The artifacts to be exhibited were likely constructed approximately 2800-1000 years ago and most were used as secondary burial urns. A Monobo tribe sold the pieces to Sally von dem Hagen over a period of two years in the late 1970s.   The artifacts were removed from caves, located in Manobo land in Cotabato, and sold over a series of blessings and rituals.  All sales were well-intentioned with the understanding that the tribe needed financial help and the buyer would treat the items with respect, borne out of her love for ethnic Filipino culture, and would eventually be shared with the Filipino community. In Mrs. von dem Hagen’s own words, “When one views the collection in its entirety, one gets an uncanny view into the culture, artistic expression, and view-of-the-world of the ‘primitive’ society that once existed so long ago in the mountainous jungles of Mindanao.  The jars seem to call out, telling us that the concerns of the human heart are ageless and changeless. I would hope that the collection could be kept together for that reason.”

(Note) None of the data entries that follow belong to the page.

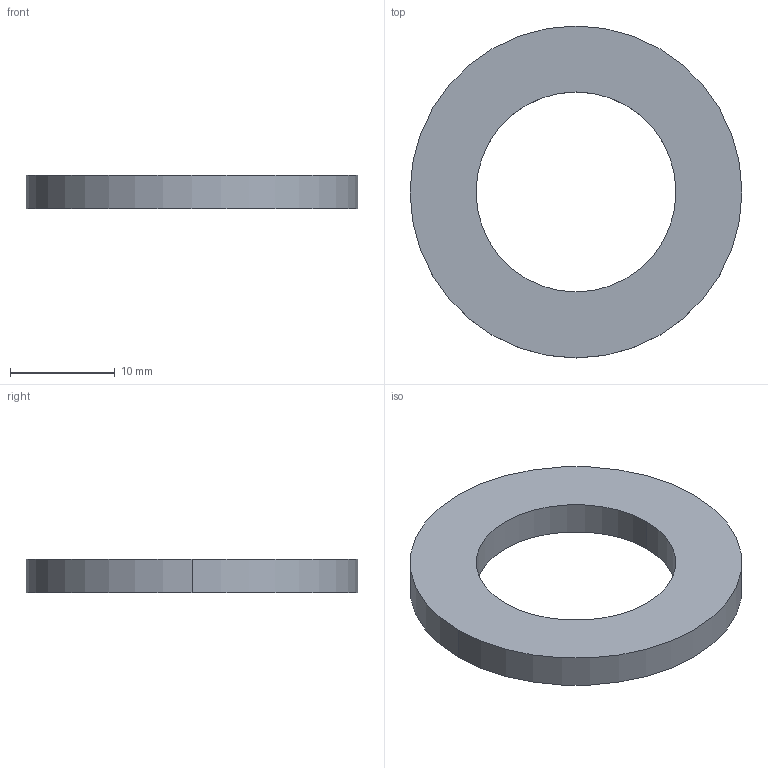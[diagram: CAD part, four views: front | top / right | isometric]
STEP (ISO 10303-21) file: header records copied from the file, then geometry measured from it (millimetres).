
FILE_DESCRIPTION((''),'2;1');
FILE_NAME('tbb-12-20.stp','2001-12-30T16:20:41',('Administrator'),(''),'Autodesk Inventor (tm) 3.0','Autodesk Inventor (tm) 3.0','');
FILE_SCHEMA(('CONFIG_CONTROL_DESIGN'));
Length unit declared in the file: inch
Products named in the file (1): tbb-12-20
Bounding box: 31.75 x 31.75 x 3.17 mm (x, y, z)
Volume: 1601.5 mm3; surface area: 1516.3 mm2
Topology: 1 solids, 1 shells, 6 faces, 12 edges, 8 vertices
Faces by surface type: cylinder 4, plane 2
Entity records: 265 total; most frequent: DIRECTION 34, CARTESIAN_POINT 27, ORIENTED_EDGE 24, AXIS2_PLACEMENT_3D 15, EDGE_CURVE 12, PERSON 8, ORGANIZATION 8, PERSON_AND_ORGANIZATION 8
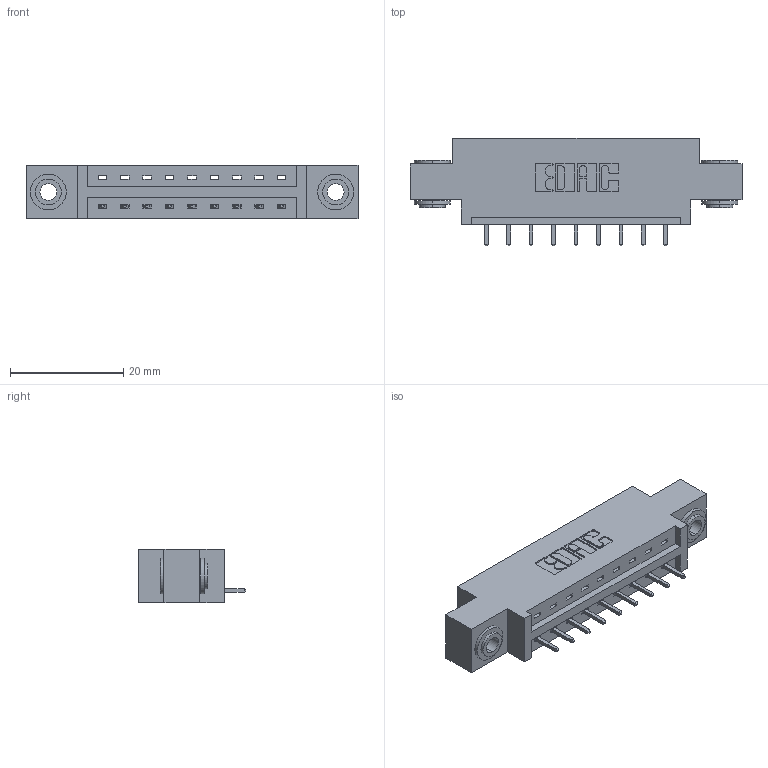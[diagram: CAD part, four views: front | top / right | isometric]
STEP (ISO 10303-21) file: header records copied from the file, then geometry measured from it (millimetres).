
FILE_DESCRIPTION (( 'STEP AP203' ), '1' );
FILE_NAME ('337-009-521-603.STEP', '2019-09-27T19:51:59', ( '' ), ( '' ), 'SwSTEP 2.0', 'SolidWorks 2016', '' );
FILE_SCHEMA (( 'CONFIG_CONTROL_DESIGN' ));
Length unit declared in the file: inch
Products named in the file (4): 345-292-001_345-293-121; 337-009-521-603; 345-250-002_345-250-002-102; 337 Part_0.170 Offset - 0.156 Dia-TH
Assembly tree (12 placements, depth 2):
  337-009-521-603
    337 Part_0.170 Offset - 0.156 Dia-TH
    345-292-001_345-293-121  x9
    345-250-002_345-250-002-102  x2
Bounding box: 58.67 x 19.06 x 9.4 mm (x, y, z)
Volume: 5561.5 mm3; surface area: 5784.4 mm2
Topology: 12 solids, 12 shells, 714 faces, 2091 edges, 1378 vertices
Faces by surface type: plane 498, cylinder 208, cone 8
Entity records: 11758 total; most frequent: CARTESIAN_POINT 2024, ORIENTED_EDGE 1962, DIRECTION 1805, EDGE_CURVE 981, LINE 829, VECTOR 829, VERTEX_POINT 650, AXIS2_PLACEMENT_3D 488

The Filipino American Service Group (FASGI) is humbled to be the caretaker of these artifacts while logistics are being negotiated for repatriation to the National Museum of the Philippines. Consistent with Filipino tradition, the artifacts were blessed after arrival at the FASGI Bayanihan Center by Fr. Rodel Balagtas, Pastor of Incarnation Catholic Church in Glendale.  While the artifacts are at FASGI, ongoing studies and programming will continue to be conducted in partnership with the UCLA School of Archaeology.  These studies will be released to the public as they are finalized.  Dr. Acabado’s students have been working with full commitment and excitement in studying the artifacts.  His two lead students – Earl John Cedo Hernandez, PhD student at the UCLA Cotsen Institute of Archaeology, and Madeleine Yakal, PhD candidate at UCLA Anthropology Department – both state, “The UCLA Southeast Asian Archaeology Lab is committed to growing Filipino cultural heritage both in the Philippines and in the diaspora. We encourage the Los Angeles FilAm community to participate in the exhibit, learn more about archaeology, and engage in cultural stories in meaningful ways.” We are confident that our collective activities would help the Filipino community in Los Angeles to gain a deeper understanding of the tribal, indigenous, pre-colonial, and multifaceted Filipino culture

The launch of the Cotabato Limestone Exhibit on March 7 will include a display of Mindanao cultural items curated by Celia DeFato (Kultura Philippine Folk Arts) and Jose Chin, Jr. (Fiesta Fastfood). According to Ms. DeFato, “A Mindanaon myself from Davao City, I look forward to experiencing and sharing with Californians the rich and colorful culture of the various ethnolinguistic tribes that inhabit neighboring areas of Cotabato, such as the Manobo, Tiboli, Bilaan and Muslims.”  Food will also be served, which will include an indigenous Manobo dish created by Jose & Minda Chin from Fiesta Fastfood, as well as other Filipino food from Auntie Dee’s and other Filipino food establishments.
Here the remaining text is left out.